WHAT IS REQUIRED - Work out the count of lines in the material where the string "width" shows up, and reply with it alone.

EXERCISE MATERIAL -
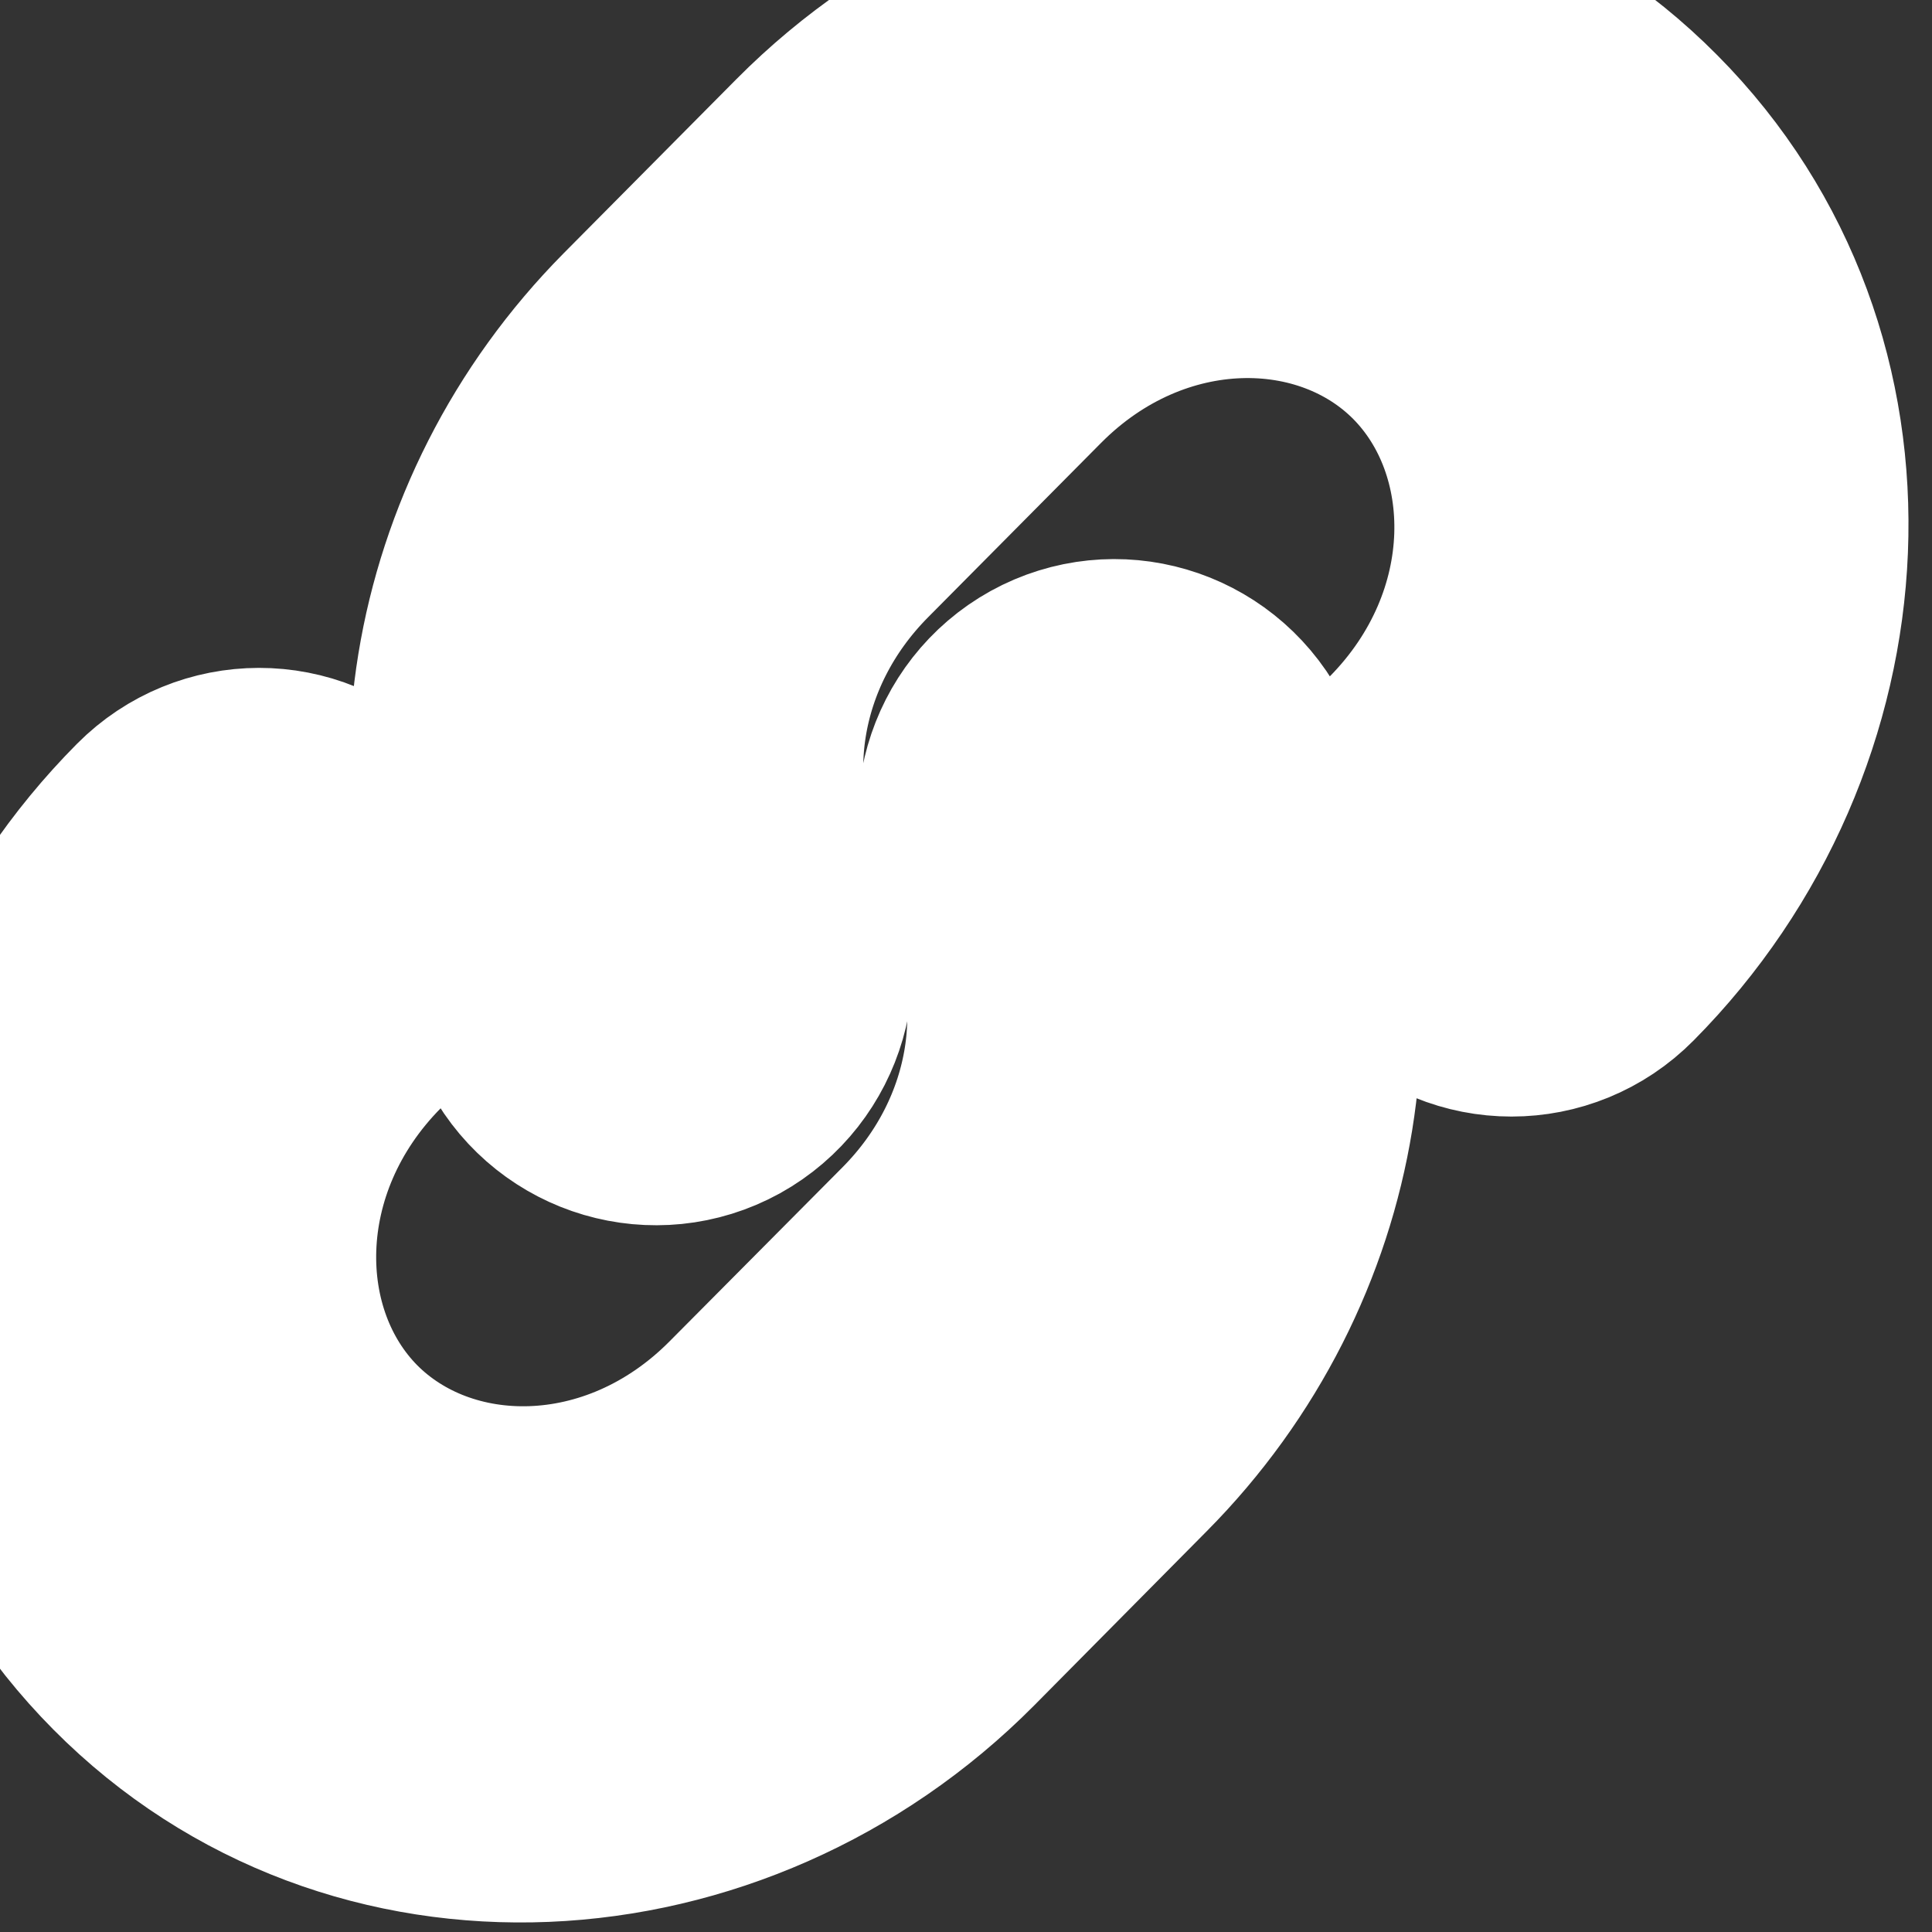<?xml version="1.0" encoding="utf-8"?>
<svg xmlns="http://www.w3.org/2000/svg" fill="none" height="100%" overflow="visible" preserveAspectRatio="none" style="display: block;" viewBox="0 0 7 7" width="100%">
<rect x="0" y="0" width="7" height="7" fill="#333333" stroke="none"/>
<g id="Union">
<path d="M3.831 2.579C4.04 2.464 4.301 2.541 4.416 2.751C4.839 3.528 4.678 4.53 4.017 5.196L3.392 5.827C2.605 6.62 1.331 6.703 0.548 5.914C-0.236 5.124 -0.153 3.839 0.634 3.047C0.802 2.878 1.075 2.877 1.243 3.047C1.412 3.217 1.412 3.492 1.243 3.662C0.749 4.16 0.754 4.892 1.157 5.299C1.561 5.705 2.287 5.71 2.781 5.212L3.407 4.582C3.818 4.168 3.885 3.583 3.66 3.17C3.546 2.959 3.622 2.695 3.831 2.579ZM3.023 0.639C3.81 -0.154 5.084 -0.238 5.867 0.552C6.651 1.341 6.568 2.625 5.781 3.418C5.613 3.588 5.34 3.588 5.172 3.418C5.003 3.248 5.003 2.973 5.172 2.804C5.666 2.305 5.661 1.573 5.258 1.166C4.855 0.76 4.128 0.755 3.634 1.253L3.008 1.884C2.597 2.298 2.53 2.883 2.755 3.296C2.869 3.506 2.793 3.77 2.584 3.886C2.375 4.001 2.113 3.924 1.998 3.714C1.575 2.937 1.738 1.935 2.398 1.269L3.023 0.639Z" fill="#5783FC"/>
<path d="M3.831 2.579C4.04 2.464 4.301 2.541 4.416 2.751C4.839 3.528 4.678 4.53 4.017 5.196L3.392 5.827C2.605 6.62 1.331 6.703 0.548 5.914C-0.236 5.124 -0.153 3.839 0.634 3.047C0.802 2.878 1.075 2.877 1.243 3.047C1.412 3.217 1.412 3.492 1.243 3.662C0.749 4.16 0.754 4.892 1.157 5.299C1.561 5.705 2.287 5.71 2.781 5.212L3.407 4.582C3.818 4.168 3.885 3.583 3.66 3.17C3.546 2.959 3.622 2.695 3.831 2.579ZM3.023 0.639C3.81 -0.154 5.084 -0.238 5.867 0.552C6.651 1.341 6.568 2.625 5.781 3.418C5.613 3.588 5.34 3.588 5.172 3.418C5.003 3.248 5.003 2.973 5.172 2.804C5.666 2.305 5.661 1.573 5.258 1.166C4.855 0.76 4.128 0.755 3.634 1.253L3.008 1.884C2.597 2.298 2.53 2.883 2.755 3.296C2.869 3.506 2.793 3.77 2.584 3.886C2.375 4.001 2.113 3.924 1.998 3.714C1.575 2.937 1.738 1.935 2.398 1.269L3.023 0.639Z" stroke="white"/>
</g>
</svg>

RESULT OF THIS TASK - 2